Items from a dataset:
'''

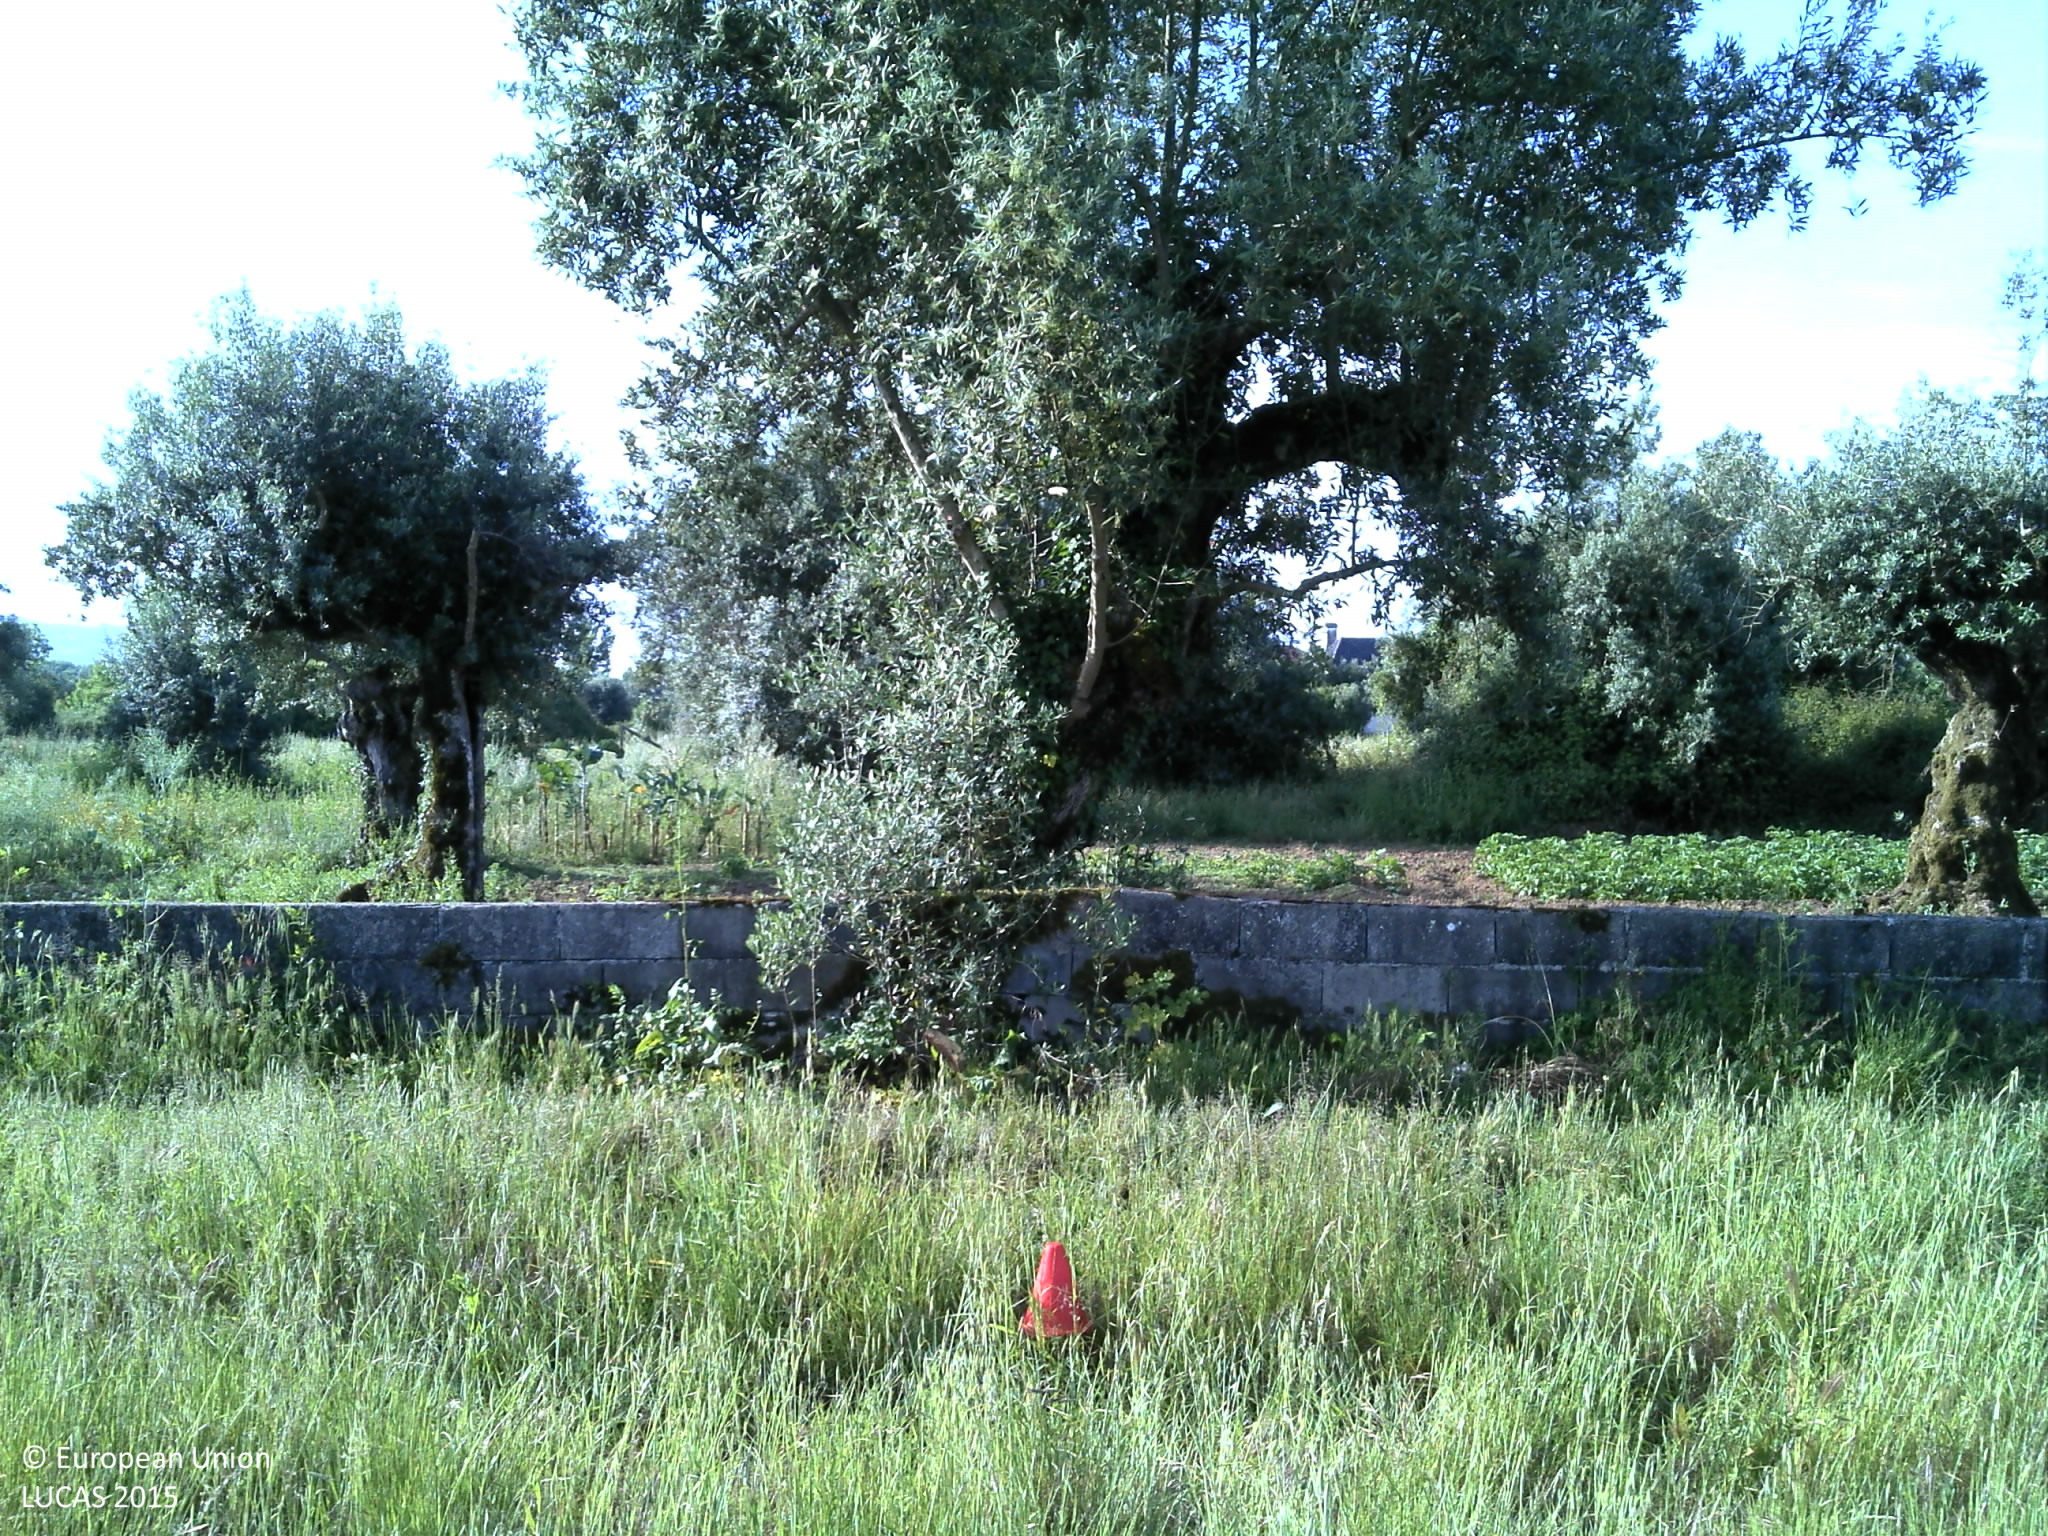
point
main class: Cropland
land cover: Oats
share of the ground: > 75 %
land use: Agriculture (excluding fallow land and kitchen gardens)
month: May
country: PT
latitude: 39.7740
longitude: -8.4646
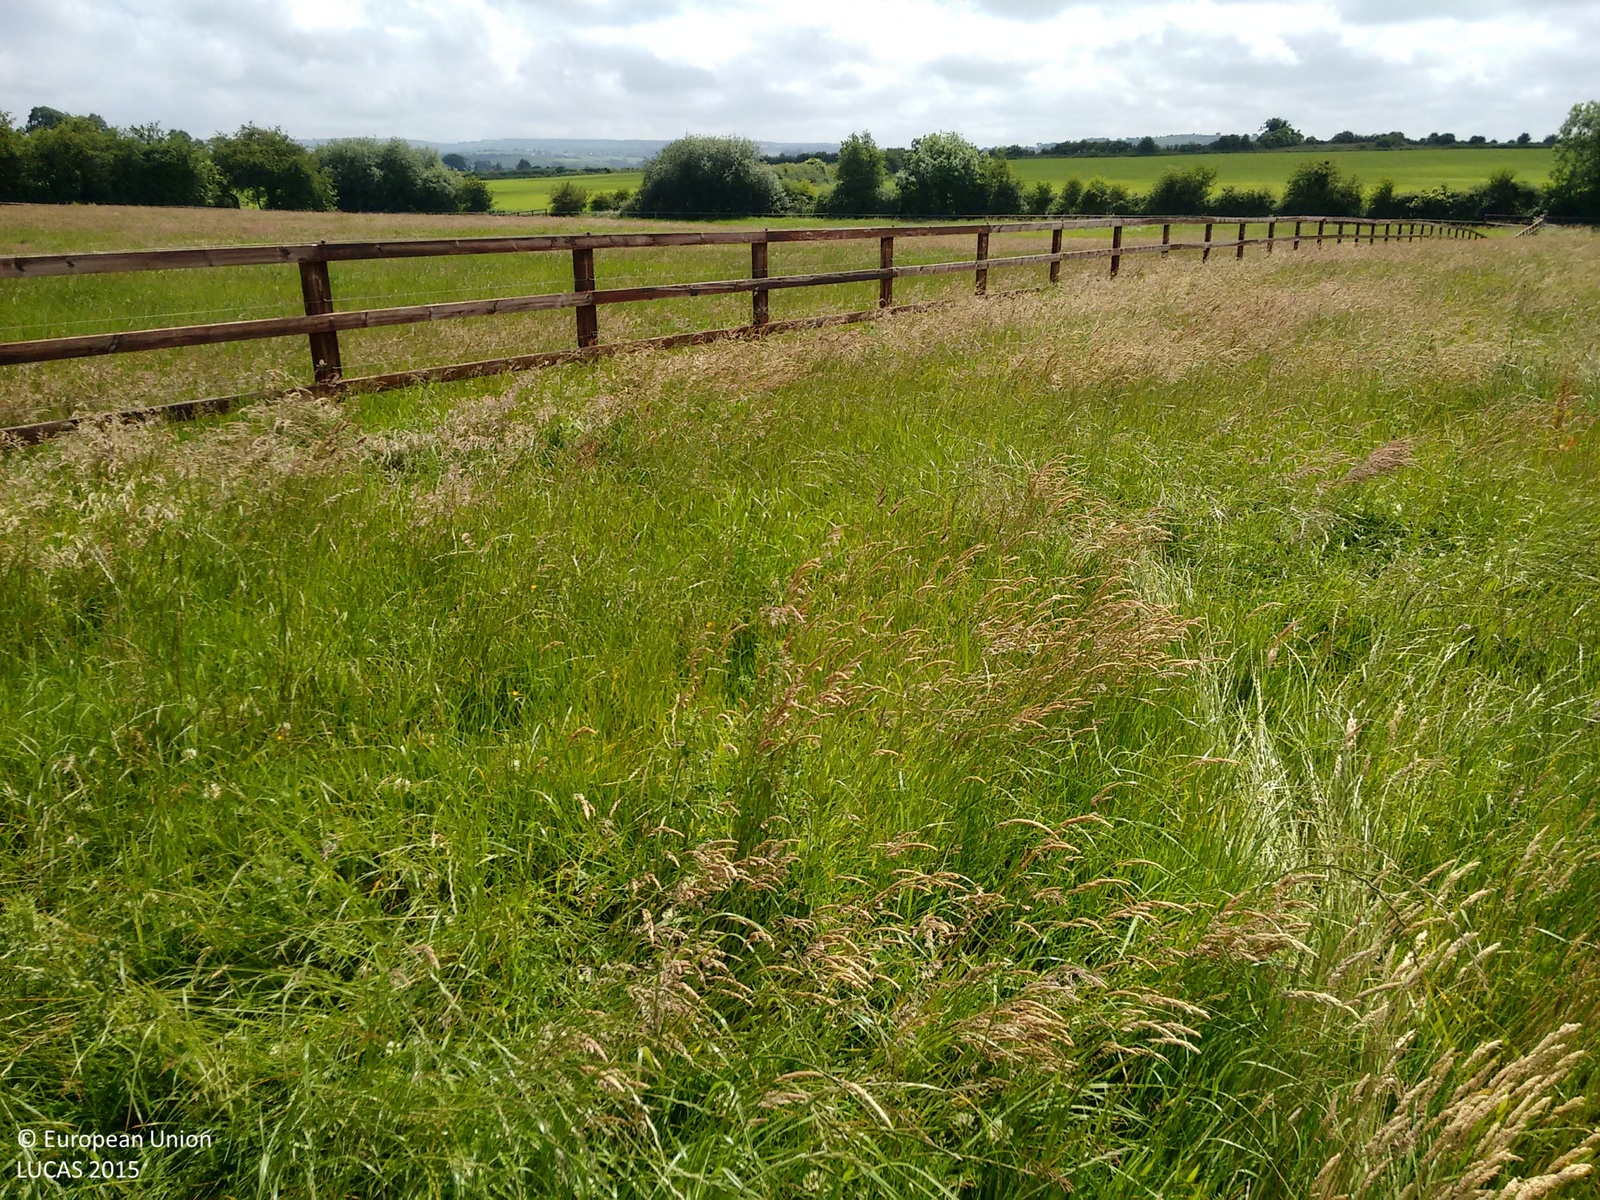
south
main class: Grassland
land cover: Grassland without tree/shrub cover
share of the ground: > 75 %
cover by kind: herbaceous plants 100 %
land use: Agriculture (excluding fallow land and kitchen gardens)
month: June
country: IE
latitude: 52.0999
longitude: -8.1824
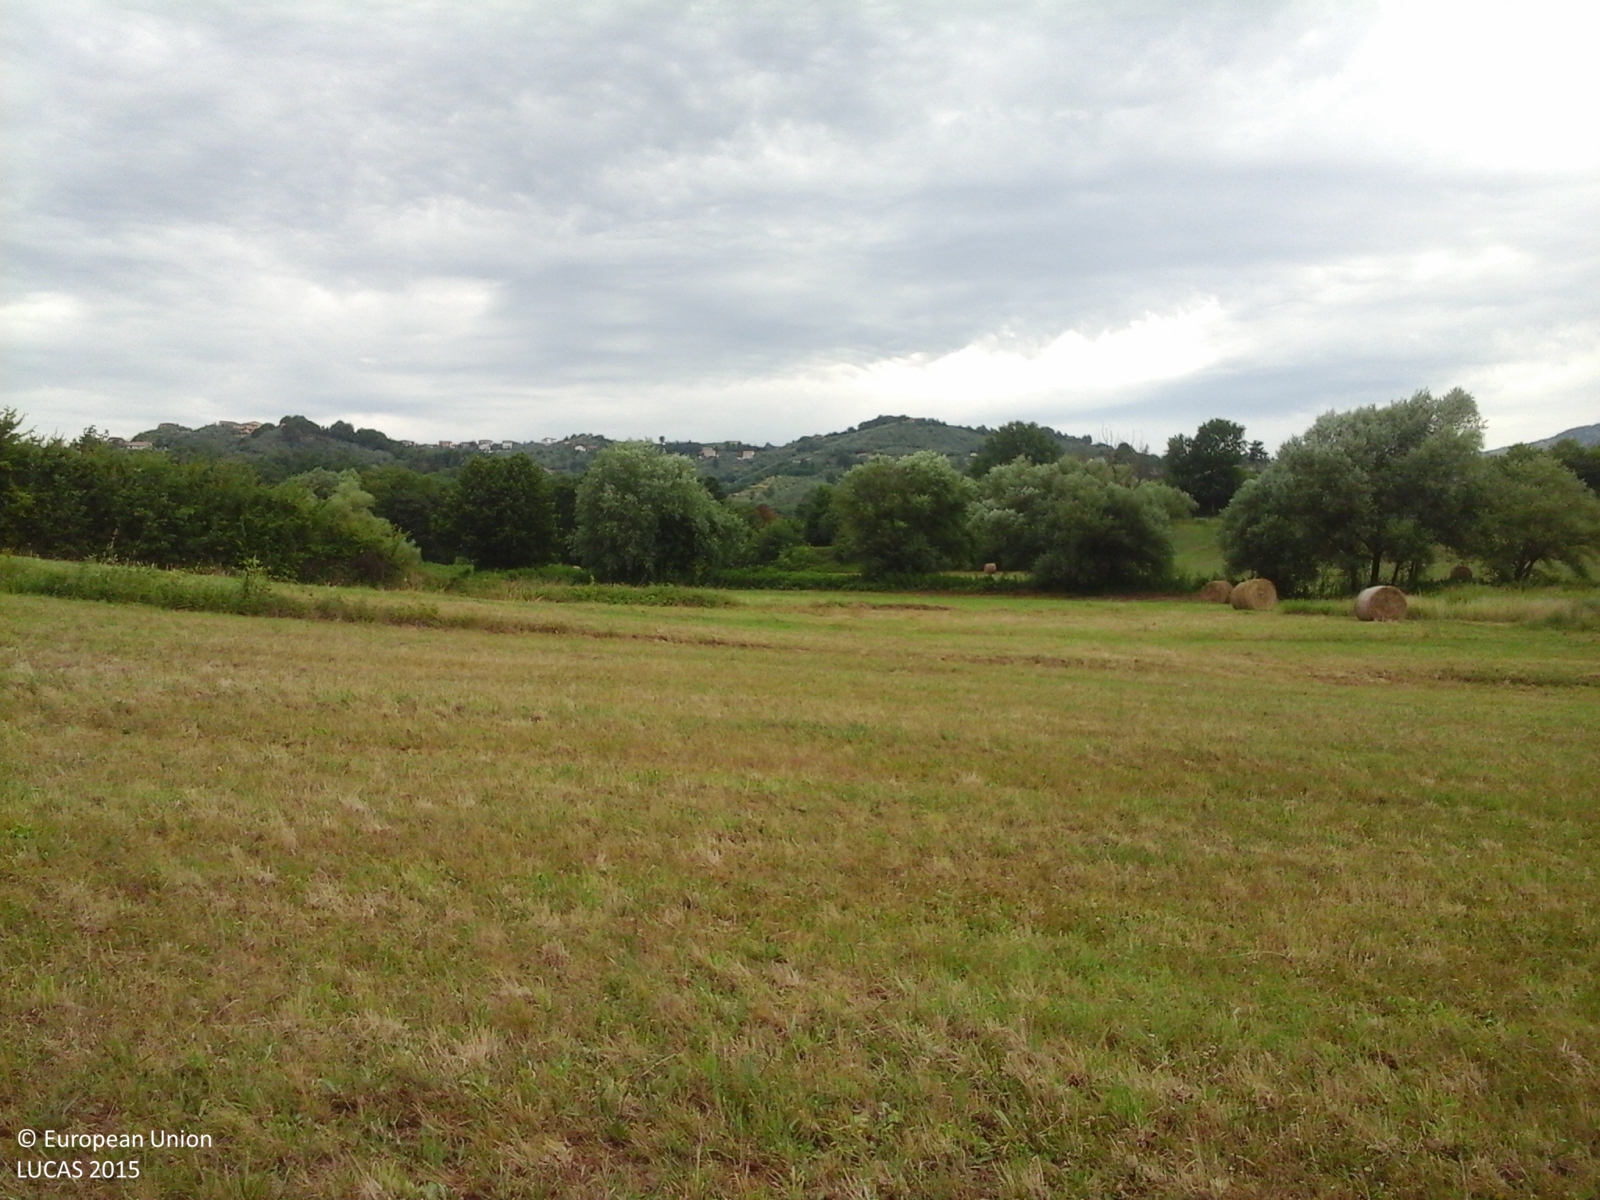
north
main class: Grassland
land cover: Spontaneously vegetated surfaces
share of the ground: > 75 %
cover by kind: herbaceous plants 100 %
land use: Agriculture (excluding fallow land and kitchen gardens)
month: June
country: IT
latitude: 41.7936
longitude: 13.0813

'''

◆ **What you have to do**
With no pictures included, write out the entries exactly.

◆ **Expected answer**
point
main class: Cropland
land cover: Oats
share of the ground: > 75 %
land use: Agriculture (excluding fallow land and kitchen gardens)
month: May
country: PT
latitude: 39.7740
longitude: -8.4646
south
main class: Grassland
land cover: Grassland without tree/shrub cover
share of the ground: > 75 %
cover by kind: herbaceous plants 100 %
land use: Agriculture (excluding fallow land and kitchen gardens)
month: June
country: IE
latitude: 52.0999
longitude: -8.1824
north
main class: Grassland
land cover: Spontaneously vegetated surfaces
share of the ground: > 75 %
cover by kind: herbaceous plants 100 %
land use: Agriculture (excluding fallow land and kitchen gardens)
month: June
country: IT
latitude: 41.7936
longitude: 13.0813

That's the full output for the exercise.